The tall trestles were until 1987 crucial for transporting coal from mines "by air" via cable car from the center of town to the processing facility at Hotellneset. Now the massive wooden structures are protected cultural heritage monuments that Store Norske is responsible for.

Rot damage

Repairs on the big trestle next to Kulturhuset are scheduled to be completed this spring. The foundation is well preserved in permafrost two meters beneath the surface, but the four thick poles that connect the 30-meter structure to its foundation have rotted and must be replaced.

"It's special work," said Trond Håvelsrud, head of Svalbard Bygg, which has been hired for the renovation project. "Before we started digging we weren't quite certain how trestle's foundation was."

Rotten poles will be dug up and replaced two at a time.
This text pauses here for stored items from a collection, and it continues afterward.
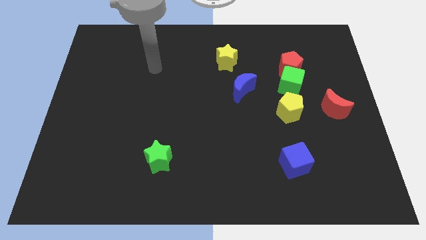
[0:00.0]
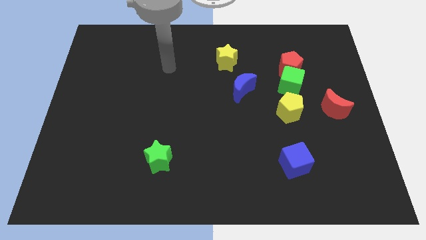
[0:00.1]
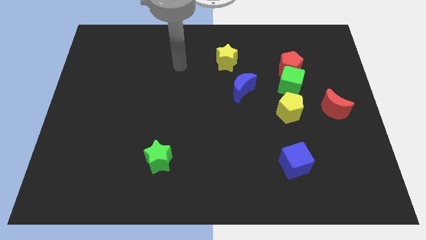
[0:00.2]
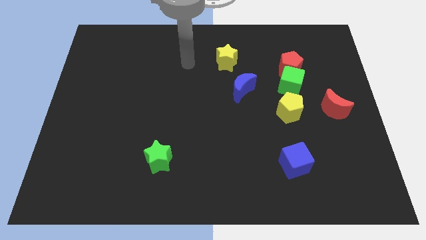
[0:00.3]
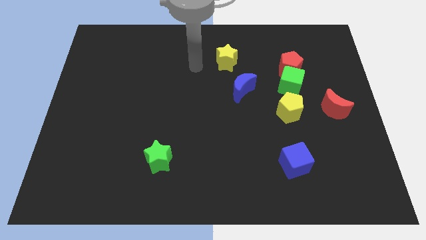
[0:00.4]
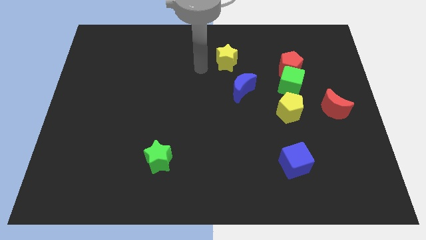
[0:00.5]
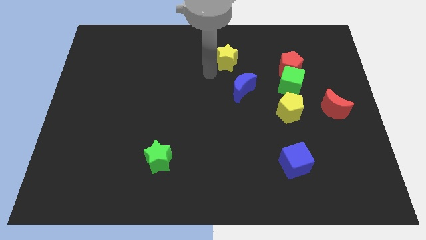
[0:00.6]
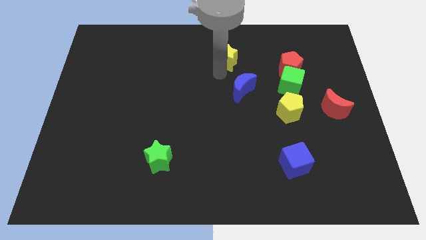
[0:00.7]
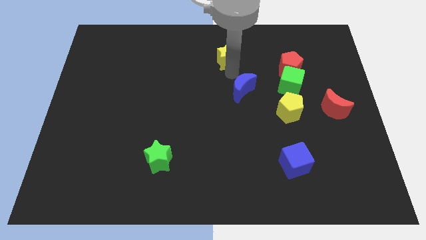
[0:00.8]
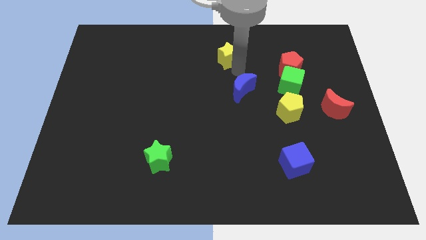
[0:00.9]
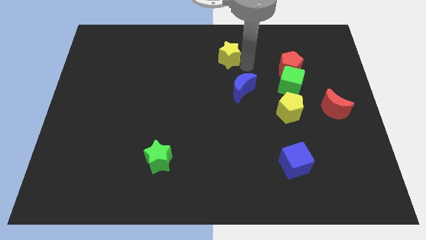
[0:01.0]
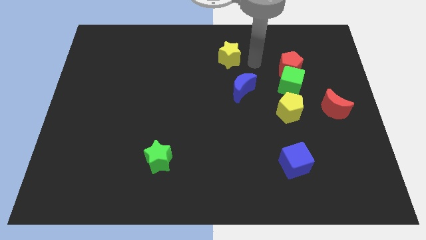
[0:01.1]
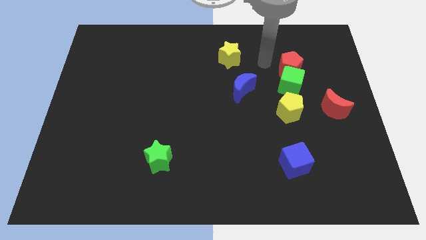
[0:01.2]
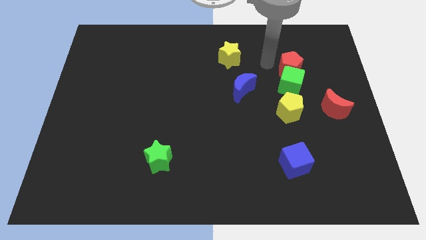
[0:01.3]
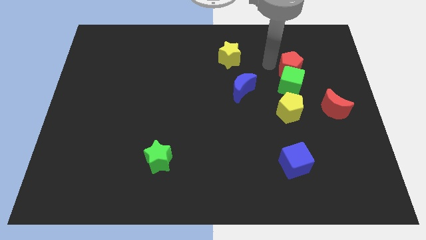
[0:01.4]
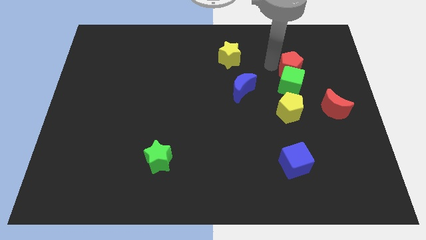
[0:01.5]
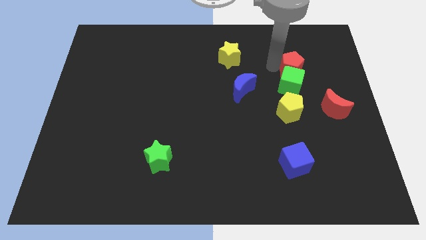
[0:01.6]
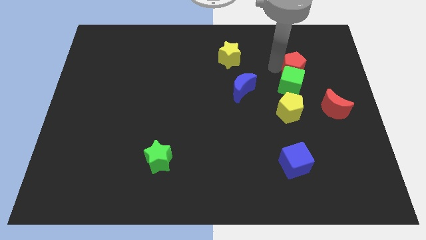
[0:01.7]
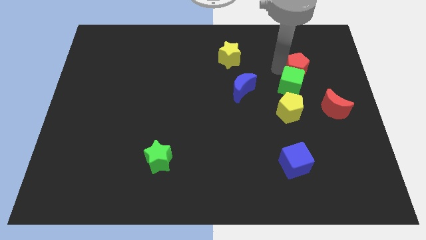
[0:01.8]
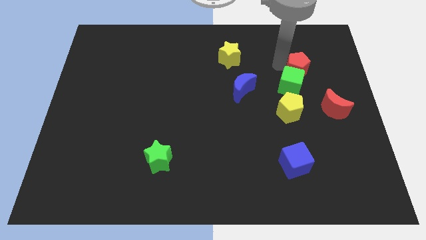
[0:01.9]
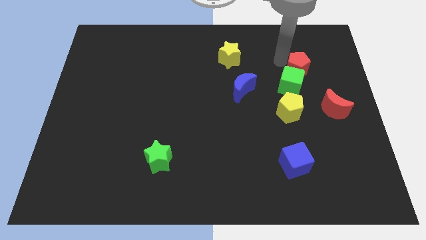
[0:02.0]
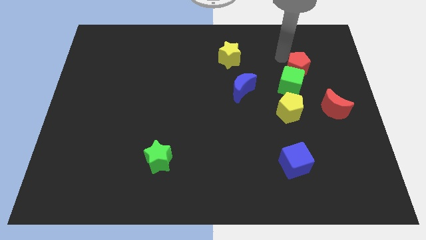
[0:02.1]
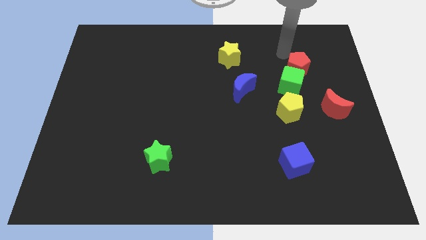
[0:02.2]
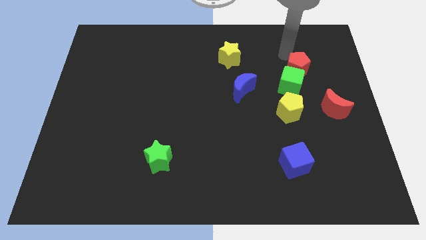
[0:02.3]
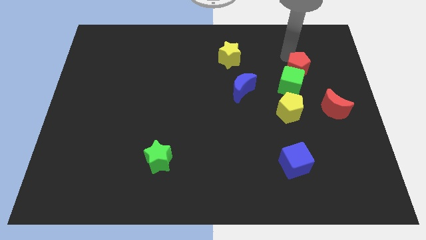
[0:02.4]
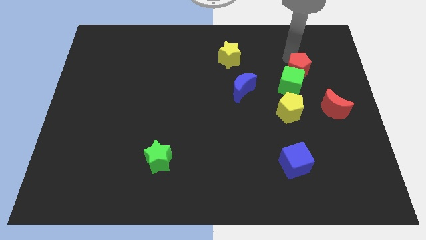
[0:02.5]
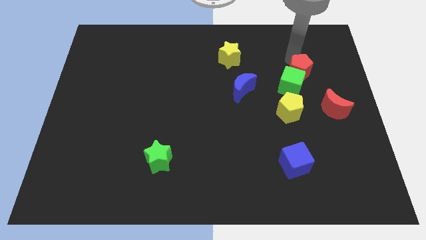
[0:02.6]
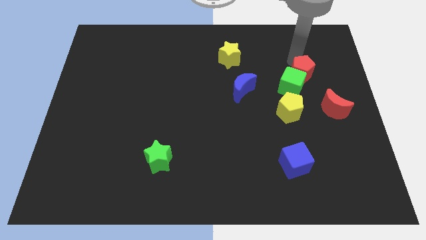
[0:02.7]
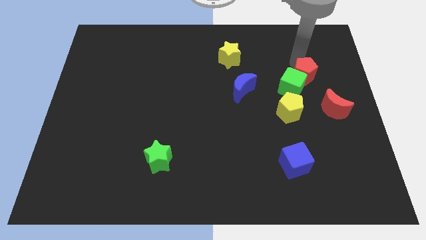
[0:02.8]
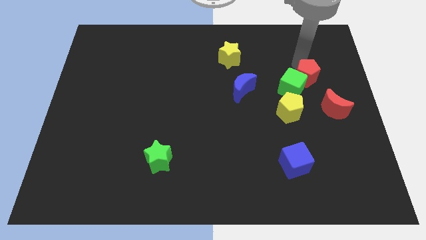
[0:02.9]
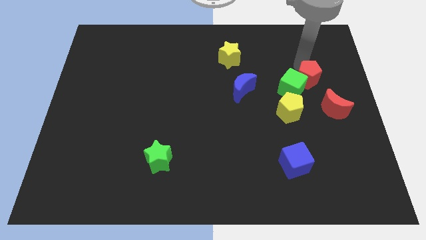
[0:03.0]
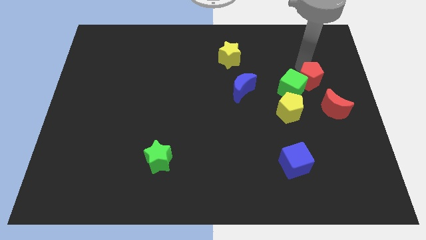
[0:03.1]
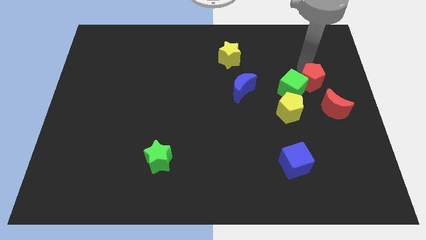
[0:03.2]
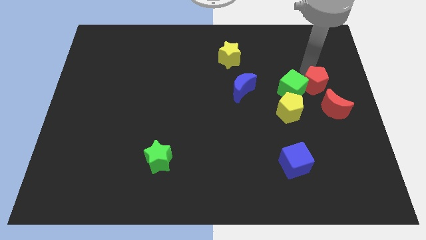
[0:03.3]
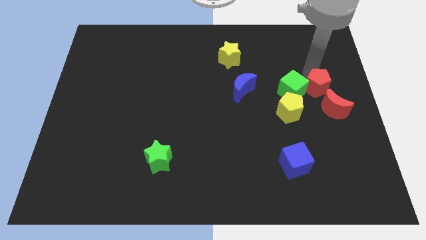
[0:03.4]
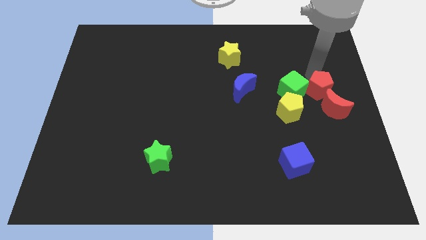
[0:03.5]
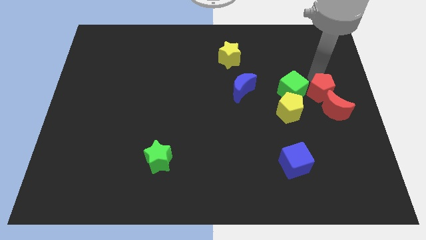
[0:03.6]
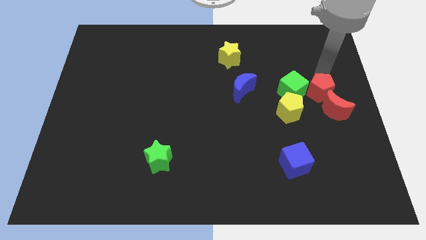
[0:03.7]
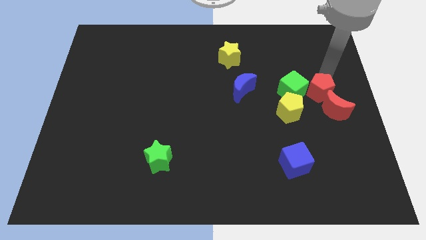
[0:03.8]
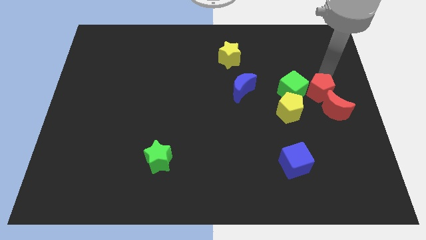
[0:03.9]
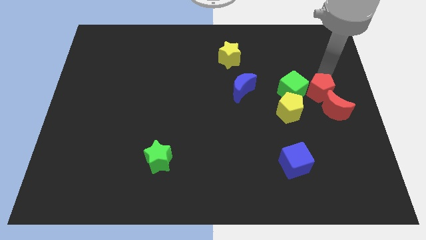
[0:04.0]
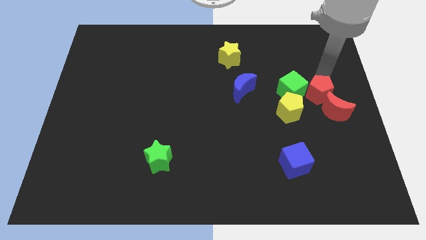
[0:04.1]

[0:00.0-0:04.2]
move the red pentagon down a bit

Two opposing poles will remain and workers will secure the 20-ton structure while replacing the "feet."

"We gradually have good experiences in replacing such support structures," Håvelsrud said. "In both Longyearbyen and Ny-Ålesund we have repaired buildings where rot has affected the foundation."

Many more repairs

Store Norske plans to maintain a number of addition cable car trestles. The lessons learned from this first project will come in handy later by essentially generating a user manual for such work.

A total of 58 trestles in Longyearbyen and seven in Hiorthhamn have been examined by experts to date, and many likely need to be maintained.

"Rot is a well-known problem with such structures," says Sveinung Lystrup Thesen, Store Norske's property manager. The company manages the cultural heritage landmarks on behalf of the Norwegian government, working with experts from the Norwegian Institute for Cultural Heritage Research and the company Mycoteam, which specializes in rot work.

Store Norske received a grant from the Svalbard Environmental Protection Fund for the project, with the cost of the first trestle refurbishment estimated at 300,000 kroner.

"We would like to administer the legacy of our special mining history," Thesen said. "A lot of mining facilities, cable cars and cable car centers will receive necessary maintenance. It's important that such remains are taken care of."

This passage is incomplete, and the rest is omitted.